You nailed this post. Little kids = little problems. Bigger kids = bigger problems. You did the right thing which is usually the tough thing. I say good job Toni!
Life lessons are so important Toni...you did the right thing!
I think having her call your SIL was probably the best thing you could have done. Our kids seem to get immune to us, but even the super-tough kids have a soft spot with other adults. That probably hammered it home.
Good job!
Toni, honey..you definitely taught her lesson that she will remember always...good parenting! I would have done the same..hey, guess what? You won my "Lost Trivia" contest....come over and see how well you did!
Yep, it gets harder as they older. More complicated issues.
Sounds like you handled things perfectly!

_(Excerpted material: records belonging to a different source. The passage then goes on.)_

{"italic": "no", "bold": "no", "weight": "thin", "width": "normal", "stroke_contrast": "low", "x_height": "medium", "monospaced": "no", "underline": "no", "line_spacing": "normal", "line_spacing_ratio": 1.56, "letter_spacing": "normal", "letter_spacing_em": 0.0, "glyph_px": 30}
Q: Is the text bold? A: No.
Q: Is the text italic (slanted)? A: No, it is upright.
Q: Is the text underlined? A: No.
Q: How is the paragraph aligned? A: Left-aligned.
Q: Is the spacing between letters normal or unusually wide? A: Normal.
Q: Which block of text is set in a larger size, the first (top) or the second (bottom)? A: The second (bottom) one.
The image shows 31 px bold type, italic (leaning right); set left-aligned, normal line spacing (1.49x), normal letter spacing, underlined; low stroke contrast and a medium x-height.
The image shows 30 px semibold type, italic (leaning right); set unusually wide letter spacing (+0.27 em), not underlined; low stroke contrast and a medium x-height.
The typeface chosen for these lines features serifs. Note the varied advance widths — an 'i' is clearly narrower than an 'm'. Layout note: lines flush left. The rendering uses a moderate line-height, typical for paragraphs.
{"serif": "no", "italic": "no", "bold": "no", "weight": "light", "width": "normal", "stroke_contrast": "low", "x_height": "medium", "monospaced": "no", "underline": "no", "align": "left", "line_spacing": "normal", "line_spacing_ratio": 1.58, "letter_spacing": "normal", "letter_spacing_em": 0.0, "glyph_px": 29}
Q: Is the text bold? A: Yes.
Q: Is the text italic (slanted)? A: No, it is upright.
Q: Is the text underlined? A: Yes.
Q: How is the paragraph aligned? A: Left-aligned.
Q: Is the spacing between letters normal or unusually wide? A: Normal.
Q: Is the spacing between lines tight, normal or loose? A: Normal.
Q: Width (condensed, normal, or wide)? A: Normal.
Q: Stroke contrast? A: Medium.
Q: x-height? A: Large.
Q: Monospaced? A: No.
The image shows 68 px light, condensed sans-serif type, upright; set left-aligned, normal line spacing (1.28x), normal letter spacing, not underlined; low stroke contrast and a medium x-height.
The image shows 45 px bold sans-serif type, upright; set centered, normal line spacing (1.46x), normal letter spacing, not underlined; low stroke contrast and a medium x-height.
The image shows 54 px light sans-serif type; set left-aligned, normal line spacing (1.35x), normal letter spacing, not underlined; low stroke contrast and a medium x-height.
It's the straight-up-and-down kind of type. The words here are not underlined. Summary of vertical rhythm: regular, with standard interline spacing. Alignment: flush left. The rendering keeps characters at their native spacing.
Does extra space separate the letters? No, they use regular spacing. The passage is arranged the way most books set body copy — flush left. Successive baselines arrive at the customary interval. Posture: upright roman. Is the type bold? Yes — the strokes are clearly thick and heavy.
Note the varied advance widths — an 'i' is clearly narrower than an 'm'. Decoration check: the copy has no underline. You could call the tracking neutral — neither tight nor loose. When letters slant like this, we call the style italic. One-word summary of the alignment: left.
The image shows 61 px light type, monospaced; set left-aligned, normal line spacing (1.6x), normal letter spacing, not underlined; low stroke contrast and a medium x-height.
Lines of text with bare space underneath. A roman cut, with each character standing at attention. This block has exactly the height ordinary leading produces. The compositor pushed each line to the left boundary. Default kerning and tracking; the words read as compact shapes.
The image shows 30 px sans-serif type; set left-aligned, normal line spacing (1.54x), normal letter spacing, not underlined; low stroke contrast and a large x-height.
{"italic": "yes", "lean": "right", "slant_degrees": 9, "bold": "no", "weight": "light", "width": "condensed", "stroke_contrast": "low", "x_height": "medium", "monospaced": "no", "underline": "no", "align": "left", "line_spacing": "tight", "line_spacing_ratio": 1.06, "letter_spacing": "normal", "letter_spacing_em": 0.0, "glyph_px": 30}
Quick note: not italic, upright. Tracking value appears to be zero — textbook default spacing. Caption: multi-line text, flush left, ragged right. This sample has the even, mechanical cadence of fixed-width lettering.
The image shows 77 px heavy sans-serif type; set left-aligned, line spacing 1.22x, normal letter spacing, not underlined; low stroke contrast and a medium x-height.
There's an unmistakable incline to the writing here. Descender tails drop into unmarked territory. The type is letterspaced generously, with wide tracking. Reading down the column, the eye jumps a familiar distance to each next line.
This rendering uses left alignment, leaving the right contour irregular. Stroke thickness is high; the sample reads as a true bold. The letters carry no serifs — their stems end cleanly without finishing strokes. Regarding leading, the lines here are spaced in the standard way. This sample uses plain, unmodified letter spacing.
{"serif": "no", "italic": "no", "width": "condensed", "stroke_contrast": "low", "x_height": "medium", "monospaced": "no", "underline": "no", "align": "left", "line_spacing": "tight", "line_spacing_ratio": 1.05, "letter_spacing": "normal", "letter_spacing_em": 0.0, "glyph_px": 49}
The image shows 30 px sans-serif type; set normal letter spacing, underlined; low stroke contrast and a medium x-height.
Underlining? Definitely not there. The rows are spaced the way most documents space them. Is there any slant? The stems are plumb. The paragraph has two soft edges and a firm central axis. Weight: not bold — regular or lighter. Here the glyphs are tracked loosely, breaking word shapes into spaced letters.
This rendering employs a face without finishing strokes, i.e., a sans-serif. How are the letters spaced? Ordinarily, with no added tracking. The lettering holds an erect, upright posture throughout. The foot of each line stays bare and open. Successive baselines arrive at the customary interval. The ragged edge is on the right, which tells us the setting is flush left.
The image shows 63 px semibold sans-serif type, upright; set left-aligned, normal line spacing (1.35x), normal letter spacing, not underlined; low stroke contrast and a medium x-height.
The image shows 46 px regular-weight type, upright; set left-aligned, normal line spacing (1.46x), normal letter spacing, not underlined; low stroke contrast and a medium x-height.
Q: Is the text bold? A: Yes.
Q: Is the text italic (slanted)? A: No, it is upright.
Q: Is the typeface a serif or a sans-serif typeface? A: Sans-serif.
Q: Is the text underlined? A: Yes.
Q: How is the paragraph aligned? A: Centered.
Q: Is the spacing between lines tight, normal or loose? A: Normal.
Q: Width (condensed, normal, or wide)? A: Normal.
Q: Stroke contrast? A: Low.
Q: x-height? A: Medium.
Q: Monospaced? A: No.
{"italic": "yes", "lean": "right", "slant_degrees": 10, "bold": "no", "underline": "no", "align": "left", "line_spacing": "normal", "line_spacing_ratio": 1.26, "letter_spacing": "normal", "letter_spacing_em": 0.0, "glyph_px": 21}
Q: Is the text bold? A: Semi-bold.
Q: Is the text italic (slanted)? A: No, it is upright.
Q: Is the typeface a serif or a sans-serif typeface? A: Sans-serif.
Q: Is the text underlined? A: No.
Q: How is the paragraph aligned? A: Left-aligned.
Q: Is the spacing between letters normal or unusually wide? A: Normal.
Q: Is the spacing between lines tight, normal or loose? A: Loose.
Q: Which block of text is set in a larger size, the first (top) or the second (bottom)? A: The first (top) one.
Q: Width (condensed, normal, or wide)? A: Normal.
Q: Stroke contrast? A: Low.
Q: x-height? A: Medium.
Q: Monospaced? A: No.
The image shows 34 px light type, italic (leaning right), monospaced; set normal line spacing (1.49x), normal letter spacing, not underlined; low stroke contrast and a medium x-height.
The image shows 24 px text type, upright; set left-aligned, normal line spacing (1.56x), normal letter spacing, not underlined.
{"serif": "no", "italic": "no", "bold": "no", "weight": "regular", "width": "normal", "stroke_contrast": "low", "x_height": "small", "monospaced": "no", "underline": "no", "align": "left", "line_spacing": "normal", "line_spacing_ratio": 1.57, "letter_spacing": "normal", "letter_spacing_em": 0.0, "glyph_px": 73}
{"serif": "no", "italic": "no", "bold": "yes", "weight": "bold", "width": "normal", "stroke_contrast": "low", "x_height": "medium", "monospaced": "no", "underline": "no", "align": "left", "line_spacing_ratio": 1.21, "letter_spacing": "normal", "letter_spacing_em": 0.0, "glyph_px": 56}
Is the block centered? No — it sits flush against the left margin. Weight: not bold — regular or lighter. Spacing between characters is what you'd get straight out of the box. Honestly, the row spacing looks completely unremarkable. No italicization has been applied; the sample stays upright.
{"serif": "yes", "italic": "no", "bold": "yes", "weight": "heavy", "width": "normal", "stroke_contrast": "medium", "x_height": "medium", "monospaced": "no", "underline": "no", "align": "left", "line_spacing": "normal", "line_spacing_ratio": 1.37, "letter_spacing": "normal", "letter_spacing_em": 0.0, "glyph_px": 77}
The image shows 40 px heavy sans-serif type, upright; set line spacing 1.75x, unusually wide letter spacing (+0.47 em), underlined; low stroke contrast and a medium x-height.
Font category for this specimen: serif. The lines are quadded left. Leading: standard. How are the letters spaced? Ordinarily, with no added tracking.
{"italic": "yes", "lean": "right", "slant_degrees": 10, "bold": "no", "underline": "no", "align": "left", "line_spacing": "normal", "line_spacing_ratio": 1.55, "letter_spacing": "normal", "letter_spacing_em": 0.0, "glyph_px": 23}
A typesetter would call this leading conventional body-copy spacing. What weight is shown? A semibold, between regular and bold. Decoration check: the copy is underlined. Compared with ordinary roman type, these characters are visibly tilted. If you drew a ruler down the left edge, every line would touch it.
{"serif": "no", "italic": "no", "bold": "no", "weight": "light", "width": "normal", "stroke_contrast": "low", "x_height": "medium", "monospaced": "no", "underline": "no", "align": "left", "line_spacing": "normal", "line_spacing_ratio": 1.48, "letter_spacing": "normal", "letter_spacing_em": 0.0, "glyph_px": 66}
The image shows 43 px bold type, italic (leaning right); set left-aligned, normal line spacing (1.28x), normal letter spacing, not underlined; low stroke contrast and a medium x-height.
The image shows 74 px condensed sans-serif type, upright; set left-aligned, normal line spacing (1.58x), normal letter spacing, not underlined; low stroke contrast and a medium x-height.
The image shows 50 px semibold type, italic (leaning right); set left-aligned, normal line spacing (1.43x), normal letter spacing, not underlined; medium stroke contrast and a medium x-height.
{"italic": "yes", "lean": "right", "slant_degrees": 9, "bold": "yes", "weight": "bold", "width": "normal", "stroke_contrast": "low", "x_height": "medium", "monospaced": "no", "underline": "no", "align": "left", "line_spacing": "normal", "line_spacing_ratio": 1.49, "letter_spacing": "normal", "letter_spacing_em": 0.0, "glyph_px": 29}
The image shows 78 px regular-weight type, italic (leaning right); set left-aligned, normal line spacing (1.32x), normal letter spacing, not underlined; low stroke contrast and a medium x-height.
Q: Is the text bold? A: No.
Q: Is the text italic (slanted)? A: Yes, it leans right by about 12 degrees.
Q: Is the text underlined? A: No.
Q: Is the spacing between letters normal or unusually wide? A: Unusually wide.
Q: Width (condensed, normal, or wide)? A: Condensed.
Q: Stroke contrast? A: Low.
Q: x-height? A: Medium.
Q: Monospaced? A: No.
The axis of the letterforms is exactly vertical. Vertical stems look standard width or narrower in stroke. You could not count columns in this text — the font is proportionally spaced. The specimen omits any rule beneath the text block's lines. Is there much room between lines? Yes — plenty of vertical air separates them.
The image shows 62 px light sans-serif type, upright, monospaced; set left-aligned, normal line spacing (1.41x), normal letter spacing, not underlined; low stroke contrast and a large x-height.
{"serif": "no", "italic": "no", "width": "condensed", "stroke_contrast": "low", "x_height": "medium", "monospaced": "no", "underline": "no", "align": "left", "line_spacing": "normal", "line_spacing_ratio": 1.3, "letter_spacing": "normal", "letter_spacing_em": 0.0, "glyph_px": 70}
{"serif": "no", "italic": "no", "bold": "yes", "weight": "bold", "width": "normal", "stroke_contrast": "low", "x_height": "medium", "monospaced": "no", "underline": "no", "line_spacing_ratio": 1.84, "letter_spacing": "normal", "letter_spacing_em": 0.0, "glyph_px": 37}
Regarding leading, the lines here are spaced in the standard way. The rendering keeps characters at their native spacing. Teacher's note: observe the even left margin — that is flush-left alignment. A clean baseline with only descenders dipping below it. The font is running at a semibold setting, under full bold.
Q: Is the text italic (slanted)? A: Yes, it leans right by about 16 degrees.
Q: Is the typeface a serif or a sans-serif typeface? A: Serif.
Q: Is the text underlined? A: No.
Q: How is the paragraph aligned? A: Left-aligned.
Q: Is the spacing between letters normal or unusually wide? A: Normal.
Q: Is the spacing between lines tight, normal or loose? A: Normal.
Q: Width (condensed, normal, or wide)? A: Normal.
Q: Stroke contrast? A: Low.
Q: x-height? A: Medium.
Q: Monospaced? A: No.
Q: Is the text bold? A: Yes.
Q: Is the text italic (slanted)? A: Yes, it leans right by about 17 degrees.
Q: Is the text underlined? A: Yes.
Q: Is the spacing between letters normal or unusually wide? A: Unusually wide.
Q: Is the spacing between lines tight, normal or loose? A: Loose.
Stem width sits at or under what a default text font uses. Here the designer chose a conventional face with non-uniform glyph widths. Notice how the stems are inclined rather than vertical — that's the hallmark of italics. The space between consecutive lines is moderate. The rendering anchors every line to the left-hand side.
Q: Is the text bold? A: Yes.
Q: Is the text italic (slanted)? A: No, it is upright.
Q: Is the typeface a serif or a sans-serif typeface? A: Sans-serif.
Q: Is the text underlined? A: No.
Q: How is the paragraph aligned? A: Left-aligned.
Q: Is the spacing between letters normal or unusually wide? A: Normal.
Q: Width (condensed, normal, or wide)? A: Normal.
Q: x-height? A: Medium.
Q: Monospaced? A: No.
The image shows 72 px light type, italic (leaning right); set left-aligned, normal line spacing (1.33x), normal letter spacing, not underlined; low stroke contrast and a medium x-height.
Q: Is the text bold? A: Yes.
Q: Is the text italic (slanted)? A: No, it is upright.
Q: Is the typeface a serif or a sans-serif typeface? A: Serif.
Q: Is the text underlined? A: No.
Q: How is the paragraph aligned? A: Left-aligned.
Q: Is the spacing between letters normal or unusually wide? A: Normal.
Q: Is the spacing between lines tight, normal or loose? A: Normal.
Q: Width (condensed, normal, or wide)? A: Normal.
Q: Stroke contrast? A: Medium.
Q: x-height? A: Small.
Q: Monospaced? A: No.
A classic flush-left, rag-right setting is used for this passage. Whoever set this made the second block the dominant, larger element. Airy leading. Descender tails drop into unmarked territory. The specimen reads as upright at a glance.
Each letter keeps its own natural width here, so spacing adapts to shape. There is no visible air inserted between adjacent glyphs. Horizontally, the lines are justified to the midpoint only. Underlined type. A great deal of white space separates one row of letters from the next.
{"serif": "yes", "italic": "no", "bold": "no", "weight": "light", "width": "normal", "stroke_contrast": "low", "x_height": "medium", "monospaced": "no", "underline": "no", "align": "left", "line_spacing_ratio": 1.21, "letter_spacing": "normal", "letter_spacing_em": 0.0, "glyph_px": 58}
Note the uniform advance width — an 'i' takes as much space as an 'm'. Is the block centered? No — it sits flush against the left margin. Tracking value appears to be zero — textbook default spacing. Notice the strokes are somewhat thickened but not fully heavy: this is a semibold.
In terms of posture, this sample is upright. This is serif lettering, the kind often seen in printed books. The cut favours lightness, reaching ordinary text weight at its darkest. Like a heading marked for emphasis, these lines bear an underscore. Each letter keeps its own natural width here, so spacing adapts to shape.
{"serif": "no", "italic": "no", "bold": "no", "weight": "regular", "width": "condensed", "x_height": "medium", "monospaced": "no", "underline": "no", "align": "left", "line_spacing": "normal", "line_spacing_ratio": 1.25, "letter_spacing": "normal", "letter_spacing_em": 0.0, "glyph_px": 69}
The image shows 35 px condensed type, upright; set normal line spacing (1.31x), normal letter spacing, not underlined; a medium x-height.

I think you handled it perfectly. And, you are right - it just gets harder and harder - but you will do just fine. Take care - Kellan
Yea for you! I think you handled it perfectly. I remember the first time Son truly lied to us. It made all those toddler and infant issues a breeze!
And, it also sounds like your SIL respects the fact that you have different opinions and kept her there only to pick up some food.
Yea for you! I think you handled it perfectly. I remember the first time Son truly lied to us. It made all those toddler and infant issues a breeze!
And, it also sounds like your SIL respects the fact that you have different opinions and kept her there only to pick up some food.
That really is a tough one, i do think you handled it the best way you could
Sounds like you did the right - the call to the SIL was important for her to make.
Not looking forward to bigger problems...though I am looking forward to sleepng through the night. Is the trade off worth it???